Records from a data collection
== Segment start ==
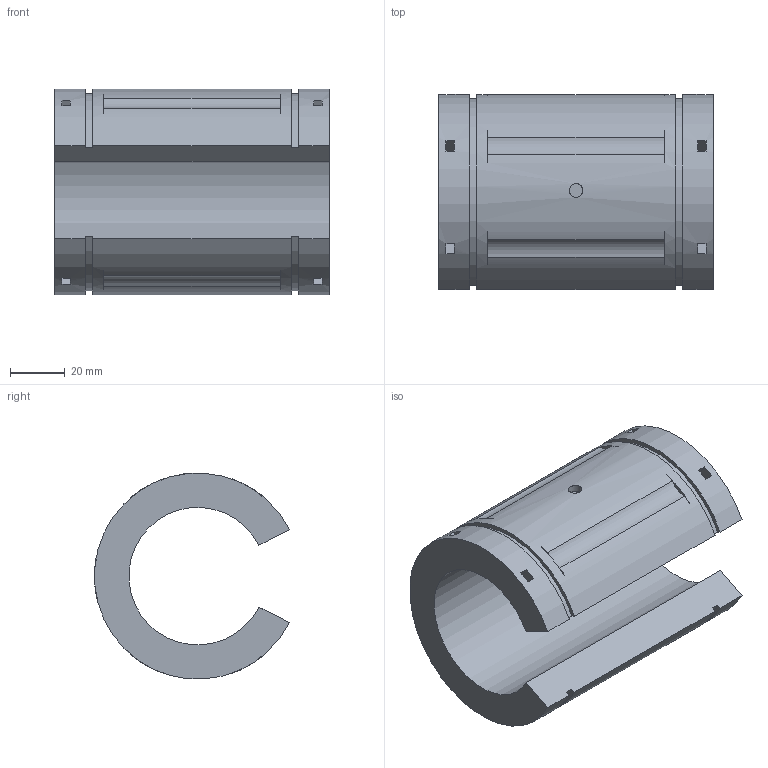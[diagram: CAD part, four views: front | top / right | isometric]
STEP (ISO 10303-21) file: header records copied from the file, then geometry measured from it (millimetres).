
FILE_DESCRIPTION( ( 'STEP AP214' ), '1' );
FILE_NAME( 'TK50UU-OP_2_14.stp', ' ', ( ' ' ), ( ' ' ), 'PSStep 15.0.47', 'PARTsolutions', ' ' );
FILE_SCHEMA( ( 'AUTOMOTIVE_DESIGN { 1 0 10303 214 1 1 1 1 }' ) );
Length unit declared in the file: millimetre
Products named in the file (2): TK50UU-OP; _TK50-OP
Assembly tree (1 placements, depth 2):
  TK50UU-OP
    _TK50-OP
Bounding box: 100 x 70.96 x 74.91 mm (x, y, z)
Volume: 204480.9 mm3; surface area: 42793.6 mm2
Topology: 1 solids, 1 shells, 101 faces, 249 edges, 166 vertices
Faces by surface type: plane 79, cylinder 22
Full cylindrical faces by diameter (mm): 5 x1
Entity records: 3914 total; most frequent: CARTESIAN_POINT 576, DIRECTION 546, ORIENTED_EDGE 496, EDGE_CURVE 248, AXIS2_PLACEMENT_3D 196, VERTEX_POINT 166, LINE 154, VECTOR 154
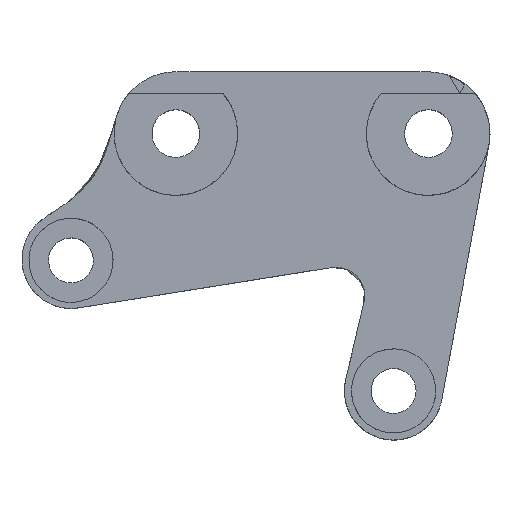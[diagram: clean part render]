
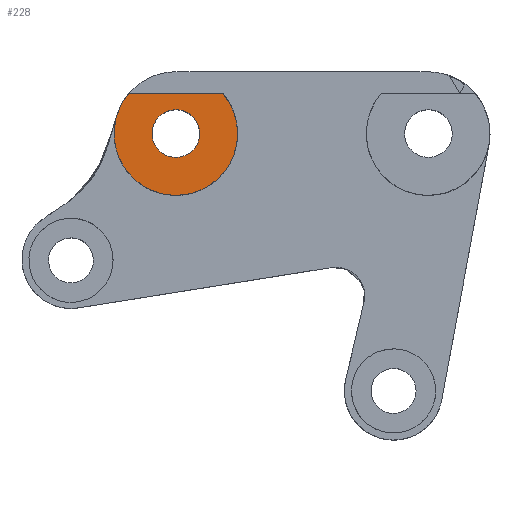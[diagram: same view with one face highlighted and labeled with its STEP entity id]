
A CAD part, top view. The second image highlights one B-rep face of the part: STEP entity #228.
In plain terms, the highlighted planar face has unit normal (0, 0, 1).
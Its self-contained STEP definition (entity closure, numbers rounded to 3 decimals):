
#20=FACE_BOUND('',#63,.T.);
#29=PLANE('',#250);
#42=FACE_OUTER_BOUND('',#62,.T.);
#62=EDGE_LOOP('',(#191));
#63=EDGE_LOOP('',(#192));
#105=B_SPLINE_CURVE_WITH_KNOTS('',3,(#1289,#1290,#1291,#1292,#1293,#1294,
#1295,#1296,#1297,#1298,#1299,#1300,#1301),.UNSPECIFIED.,.T.,.F.,(4,3,3,
3,4),(0.,1.,2.,3.,4.),.UNSPECIFIED.);
#106=B_SPLINE_CURVE_WITH_KNOTS('',3,(#1378,#1379,#1380,#1381,#1382,#1383,
#1384,#1385,#1386,#1387,#1388,#1389,#1390,#1391,#1392,#1393,#1394,#1395,
#1396,#1397,#1398,#1399,#1400,#1401,#1402,#1403,#1404,#1405,#1406,#1407,
#1408,#1409,#1410,#1411,#1412,#1413,#1414),.UNSPECIFIED.,.T.,.F.,(4,3,3,
3,3,3,3,3,3,3,3,3,4),(-12.,-11.,-10.,-9.,-8.,-7.,-6.,-5.,-4.,-3.,-2.,-1.,
0.),.UNSPECIFIED.);
#123=VERTEX_POINT('',#1287);
#124=VERTEX_POINT('',#1376);
#147=EDGE_CURVE('',#123,#123,#105,.T.);
#149=EDGE_CURVE('',#124,#124,#106,.T.);
#191=ORIENTED_EDGE('',*,*,#149,.T.);
#192=ORIENTED_EDGE('',*,*,#147,.T.);
#228=ADVANCED_FACE('',(#42,#20),#29,.T.);
#250=AXIS2_PLACEMENT_3D('',#1415,#267,#268);
#267=DIRECTION('center_axis',(0.,0.,1.));
#268=DIRECTION('ref_axis',(1.,0.,0.));
#1287=CARTESIAN_POINT('',(172.005,-33.126,21.5));
#1289=CARTESIAN_POINT('Ctrl Pts',(172.005,-33.126,21.5));
#1290=CARTESIAN_POINT('Ctrl Pts',(172.005,-35.473,21.5));
#1291=CARTESIAN_POINT('Ctrl Pts',(170.102,-37.376,21.5));
#1292=CARTESIAN_POINT('Ctrl Pts',(167.755,-37.376,21.5));
#1293=CARTESIAN_POINT('Ctrl Pts',(165.407,-37.376,21.5));
#1294=CARTESIAN_POINT('Ctrl Pts',(163.505,-35.473,21.5));
#1295=CARTESIAN_POINT('Ctrl Pts',(163.505,-33.126,21.5));
#1296=CARTESIAN_POINT('Ctrl Pts',(163.505,-30.778,21.5));
#1297=CARTESIAN_POINT('Ctrl Pts',(165.407,-28.876,21.5));
#1298=CARTESIAN_POINT('Ctrl Pts',(167.755,-28.876,21.5));
#1299=CARTESIAN_POINT('Ctrl Pts',(170.102,-28.876,21.5));
#1300=CARTESIAN_POINT('Ctrl Pts',(172.005,-30.778,21.5));
#1301=CARTESIAN_POINT('Ctrl Pts',(172.005,-33.126,21.5));
#1376=CARTESIAN_POINT('',(159.376,-26.01,21.5));
#1378=CARTESIAN_POINT('Ctrl Pts',(159.376,-26.01,21.5));
#1379=CARTESIAN_POINT('Ctrl Pts',(158.902,-26.567,21.5));
#1380=CARTESIAN_POINT('Ctrl Pts',(158.482,-27.171,21.5));
#1381=CARTESIAN_POINT('Ctrl Pts',(158.127,-27.81,21.5));
#1382=CARTESIAN_POINT('Ctrl Pts',(156.575,-30.606,21.5));
#1383=CARTESIAN_POINT('Ctrl Pts',(156.334,-34.033,21.5));
#1384=CARTESIAN_POINT('Ctrl Pts',(157.465,-37.023,21.5));
#1385=CARTESIAN_POINT('Ctrl Pts',(158.508,-39.779,21.5));
#1386=CARTESIAN_POINT('Ctrl Pts',(160.67,-42.046,21.5));
#1387=CARTESIAN_POINT('Ctrl Pts',(163.372,-43.222,21.5));
#1388=CARTESIAN_POINT('Ctrl Pts',(166.266,-44.481,21.5));
#1389=CARTESIAN_POINT('Ctrl Pts',(169.651,-44.42,21.5));
#1390=CARTESIAN_POINT('Ctrl Pts',(172.498,-43.058,21.5));
#1391=CARTESIAN_POINT('Ctrl Pts',(175.22,-41.756,21.5));
#1392=CARTESIAN_POINT('Ctrl Pts',(177.333,-39.332,21.5));
#1393=CARTESIAN_POINT('Ctrl Pts',(178.245,-36.455,21.5));
#1394=CARTESIAN_POINT('Ctrl Pts',(179.19,-33.471,21.5));
#1395=CARTESIAN_POINT('Ctrl Pts',(178.802,-30.142,21.5));
#1396=CARTESIAN_POINT('Ctrl Pts',(177.184,-27.462,21.5));
#1397=CARTESIAN_POINT('Ctrl Pts',(176.978,-27.122,21.5));
#1398=CARTESIAN_POINT('Ctrl Pts',(176.755,-26.793,21.5));
#1399=CARTESIAN_POINT('Ctrl Pts',(176.514,-26.477,21.5));
#1400=CARTESIAN_POINT('Ctrl Pts',(176.424,-26.358,21.5));
#1401=CARTESIAN_POINT('Ctrl Pts',(176.273,-26.075,21.5));
#1402=CARTESIAN_POINT('Ctrl Pts',(176.135,-26.014,21.5));
#1403=CARTESIAN_POINT('Ctrl Pts',(176.094,-25.996,21.5));
#1404=CARTESIAN_POINT('Ctrl Pts',(176.002,-26.014,21.5));
#1405=CARTESIAN_POINT('Ctrl Pts',(175.958,-26.014,21.5));
#1406=CARTESIAN_POINT('Ctrl Pts',(175.605,-26.014,21.5));
#1407=CARTESIAN_POINT('Ctrl Pts',(175.253,-26.014,21.5));
#1408=CARTESIAN_POINT('Ctrl Pts',(174.9,-26.014,21.5));
#1409=CARTESIAN_POINT('Ctrl Pts',(171.833,-26.013,21.5));
#1410=CARTESIAN_POINT('Ctrl Pts',(168.766,-26.012,21.5));
#1411=CARTESIAN_POINT('Ctrl Pts',(165.699,-26.012,21.5));
#1412=CARTESIAN_POINT('Ctrl Pts',(163.591,-26.011,21.5));
#1413=CARTESIAN_POINT('Ctrl Pts',(161.483,-26.011,21.5));
#1414=CARTESIAN_POINT('Ctrl Pts',(159.376,-26.01,21.5));
#1415=CARTESIAN_POINT('Origin',(167.762,-35.238,21.5));
== Segment end ==
### THE TASK
Print, without alteration, only the lines above between the one holding "#1391=CARTESIAN_POINT('Ctrl Pts',(175.22,-41.756,21.5));" and the one holding "#1414=CARTESIAN_POINT('Ctrl Pts',(159.376,-26.01,21.5));", inclusive.

### PROBLEM SOLUTION
#1391=CARTESIAN_POINT('Ctrl Pts',(175.22,-41.756,21.5));
#1392=CARTESIAN_POINT('Ctrl Pts',(177.333,-39.332,21.5));
#1393=CARTESIAN_POINT('Ctrl Pts',(178.245,-36.455,21.5));
#1394=CARTESIAN_POINT('Ctrl Pts',(179.19,-33.471,21.5));
#1395=CARTESIAN_POINT('Ctrl Pts',(178.802,-30.142,21.5));
#1396=CARTESIAN_POINT('Ctrl Pts',(177.184,-27.462,21.5));
#1397=CARTESIAN_POINT('Ctrl Pts',(176.978,-27.122,21.5));
#1398=CARTESIAN_POINT('Ctrl Pts',(176.755,-26.793,21.5));
#1399=CARTESIAN_POINT('Ctrl Pts',(176.514,-26.477,21.5));
#1400=CARTESIAN_POINT('Ctrl Pts',(176.424,-26.358,21.5));
#1401=CARTESIAN_POINT('Ctrl Pts',(176.273,-26.075,21.5));
#1402=CARTESIAN_POINT('Ctrl Pts',(176.135,-26.014,21.5));
#1403=CARTESIAN_POINT('Ctrl Pts',(176.094,-25.996,21.5));
#1404=CARTESIAN_POINT('Ctrl Pts',(176.002,-26.014,21.5));
#1405=CARTESIAN_POINT('Ctrl Pts',(175.958,-26.014,21.5));
#1406=CARTESIAN_POINT('Ctrl Pts',(175.605,-26.014,21.5));
#1407=CARTESIAN_POINT('Ctrl Pts',(175.253,-26.014,21.5));
#1408=CARTESIAN_POINT('Ctrl Pts',(174.9,-26.014,21.5));
#1409=CARTESIAN_POINT('Ctrl Pts',(171.833,-26.013,21.5));
#1410=CARTESIAN_POINT('Ctrl Pts',(168.766,-26.012,21.5));
#1411=CARTESIAN_POINT('Ctrl Pts',(165.699,-26.012,21.5));
#1412=CARTESIAN_POINT('Ctrl Pts',(163.591,-26.011,21.5));
#1413=CARTESIAN_POINT('Ctrl Pts',(161.483,-26.011,21.5));
#1414=CARTESIAN_POINT('Ctrl Pts',(159.376,-26.01,21.5));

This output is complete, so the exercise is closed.